Le rebond est très net. Mais il est à comparer à une période de ventes désastreuse l’année précédente qui avait marqué un point bas historique avec 50 800 ventes, très loin du pic de 140 000 unités atteint en 2021. Malgré l’amélioration, le nombre de transactions demeure inférieur de 42,1 % à la moyenne observée sur la période 2006-2024, établie à 117 125 ventes par an.
Rôle moteur du PTZ
Le retour du prêt à taux zéro (PTZ) constitue le principal moteur de cette reprise. Rétabli sur l’ensemble du territoire le 1er avril dernier et de nouveau ouvert à toutes les formes d’habitat, y compris aux maisons individuelles, il a redonné de la visibilité aux ménages et favorisé le retour des primo-accédants. Les zones tendues (A, A bis et B1) concentrent ainsi 35 % des ventes de maisons, signe que la demande reste soutenue, y compris dans les secteurs les plus contraints.
Dynamique nationale
Le redémarrage des ventes s’observe dans toutes les régions. Partout, la hausse dépasse 20 % sur un an. Elle est particulièrement marquée en Provence-Alpes-Côte d’Azur et en Corse (+47,9 %), ainsi qu’en Occitanie (+43,9 %), illustrant l’effet d’un dispositif appliqué de manière uniforme sur le territoire.

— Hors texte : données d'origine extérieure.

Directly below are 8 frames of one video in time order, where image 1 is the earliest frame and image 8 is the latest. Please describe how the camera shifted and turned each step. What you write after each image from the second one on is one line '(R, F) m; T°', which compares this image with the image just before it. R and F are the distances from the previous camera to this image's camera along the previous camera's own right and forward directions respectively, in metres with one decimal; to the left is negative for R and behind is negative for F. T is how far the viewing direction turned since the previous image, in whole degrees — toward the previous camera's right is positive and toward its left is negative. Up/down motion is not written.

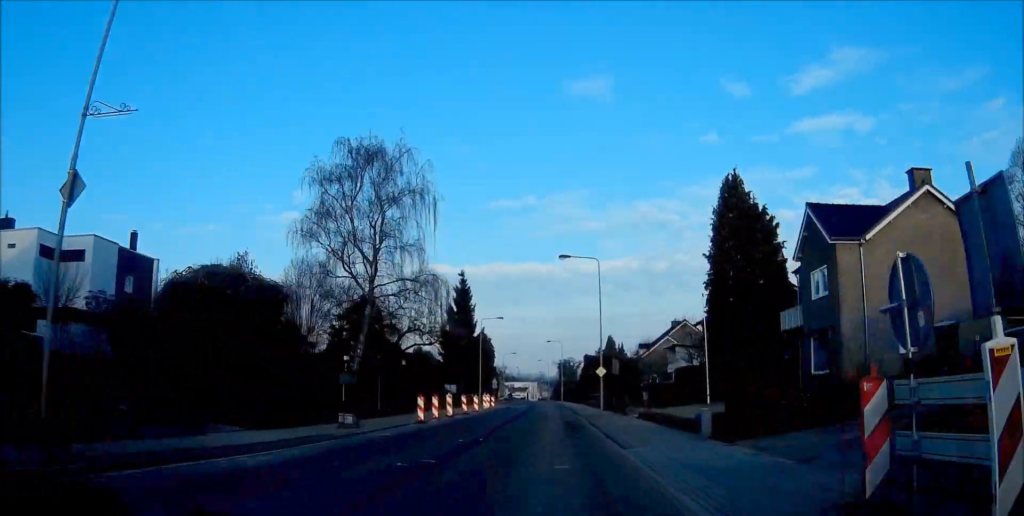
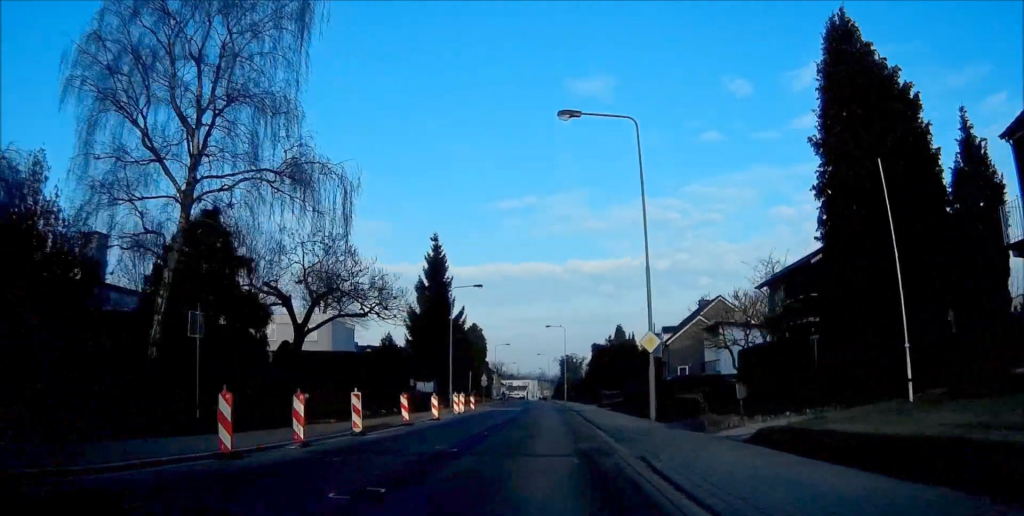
(0.0, +19.3) m; 0°
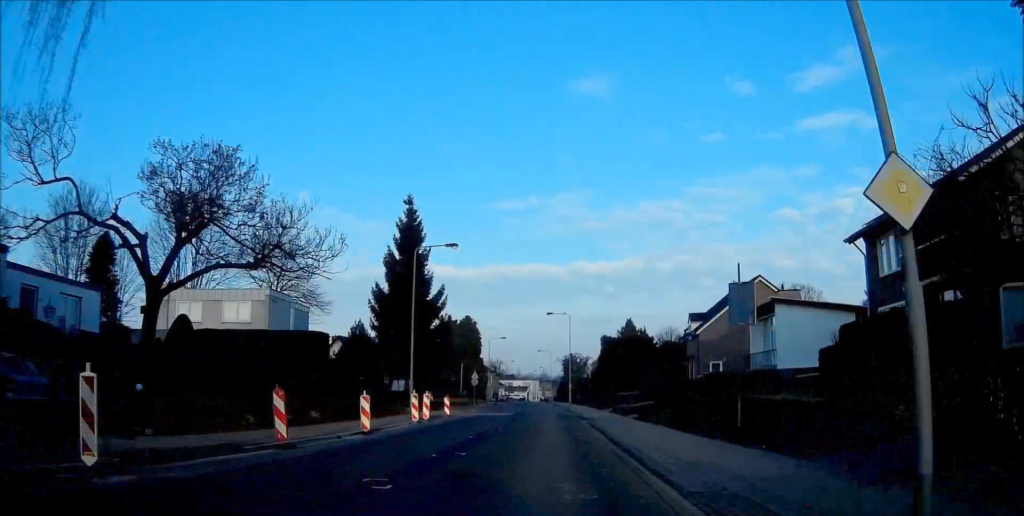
(+0.1, +13.4) m; 0°
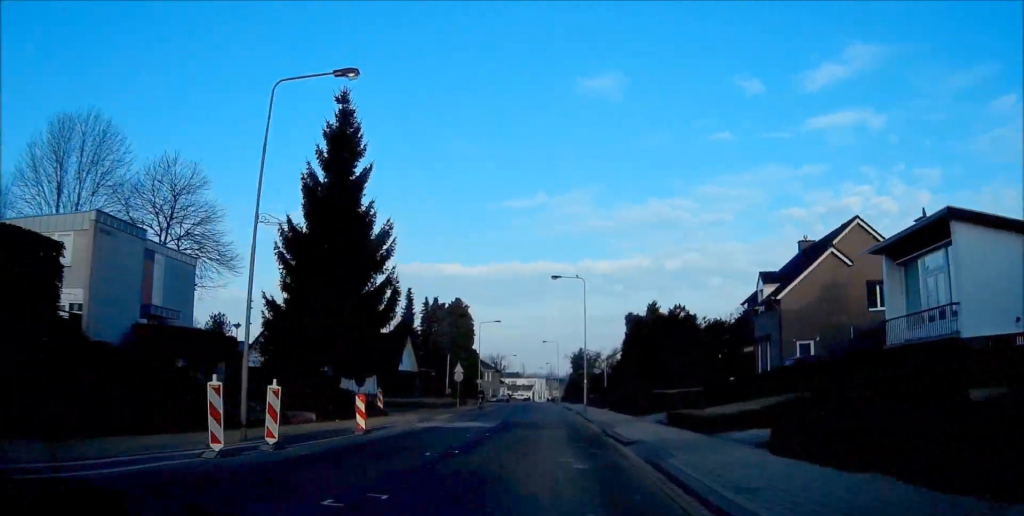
(0.0, +19.1) m; 0°
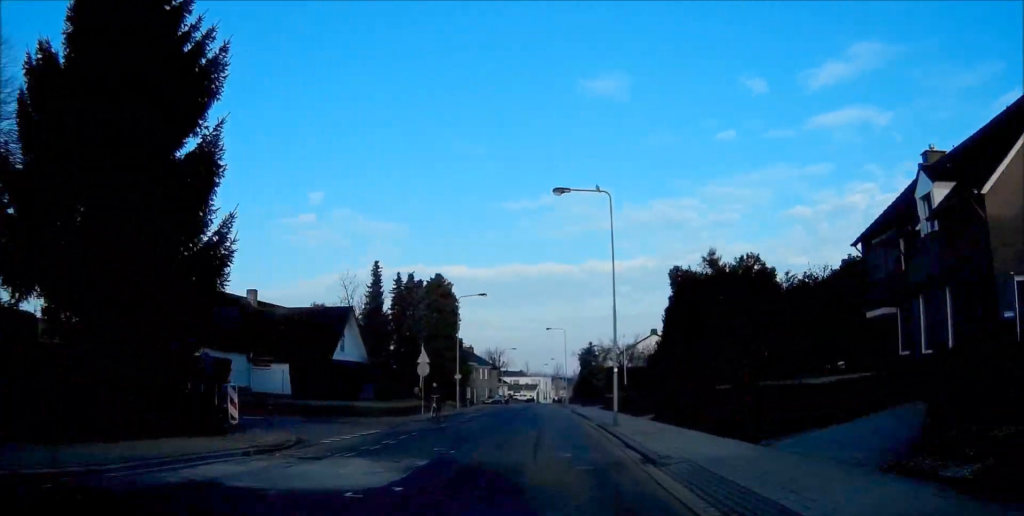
(0.0, +19.0) m; -1°
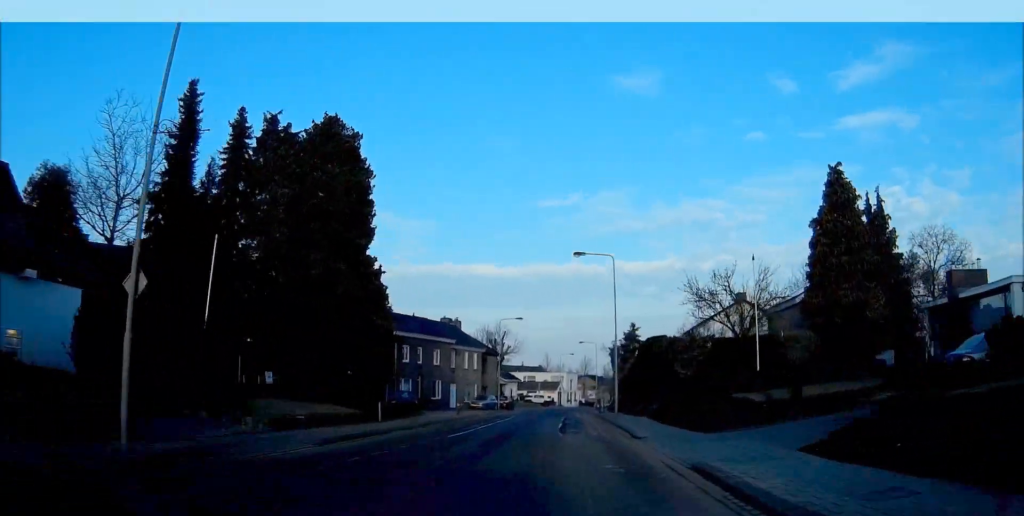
(-0.6, +41.5) m; 0°
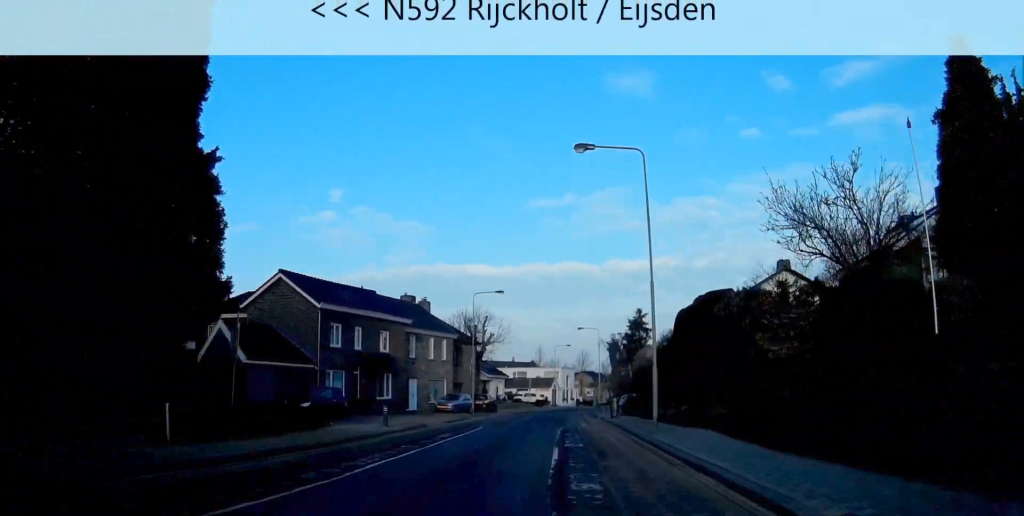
(+0.1, +16.0) m; +1°
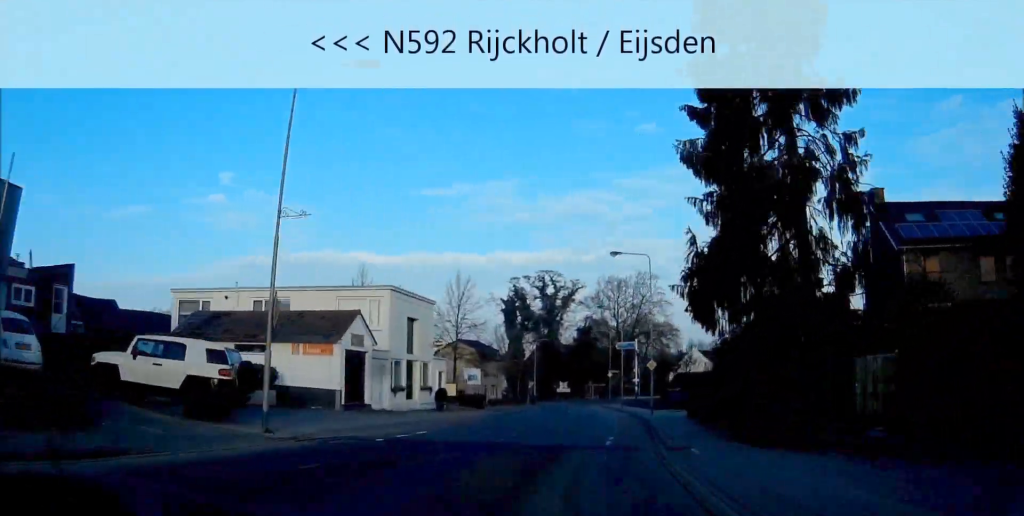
(+4.2, +78.8) m; +10°

Dans le même temps, les prix poursuivent leur ajustement. Pour la deuxième année consécutive, le prix moyen d’une maison neuve recule de 4,3 % en 2025, après une baisse de 4,2 % en 2024, pour s’établir à 198 000 €. Cette évolution tient en partie à la réduction de la surface moyenne des projets, passée de 116 m² en 2023 à 112 m² l’an passé. Le marché s’adapte ainsi progressivement aux capacités financières des ménages, dans un contexte marqué par le retour des primo-accédants.
Un appel à relancer l’investissement locatif
Le Pôle Habitat FFB rappelle néanmoins que la dynamique reste fragile et dépend étroitement de la stabilité des dispositifs de soutien. « Le ré-élargissement du PTZ montre que lorsque l’on remet un levier lisible, les ménages reviennent et l’activité repart », souligne son président, Grégory Monod.
Les professionnels plaident désormais pour un élargissement du nouveau dispositif fiscal du bailleur privé, dit « Jeanbrun » (du nom du ministre du Logement), créé par la loi de finances pour 2026, au logement individuel, neuf comme ancien. L’objectif est double : soutenir l’accession et stimuler l’investissement locatif afin d’inscrire la relance du logement neuf dans la durée.
Sur les 20 dernières années, le seuil des 400 000 mises en chantier annuelles n’a été atteint que lorsque la construction de maisons individuelles représentait environ 150 000 ventes par an, rappelle encore l’organisation.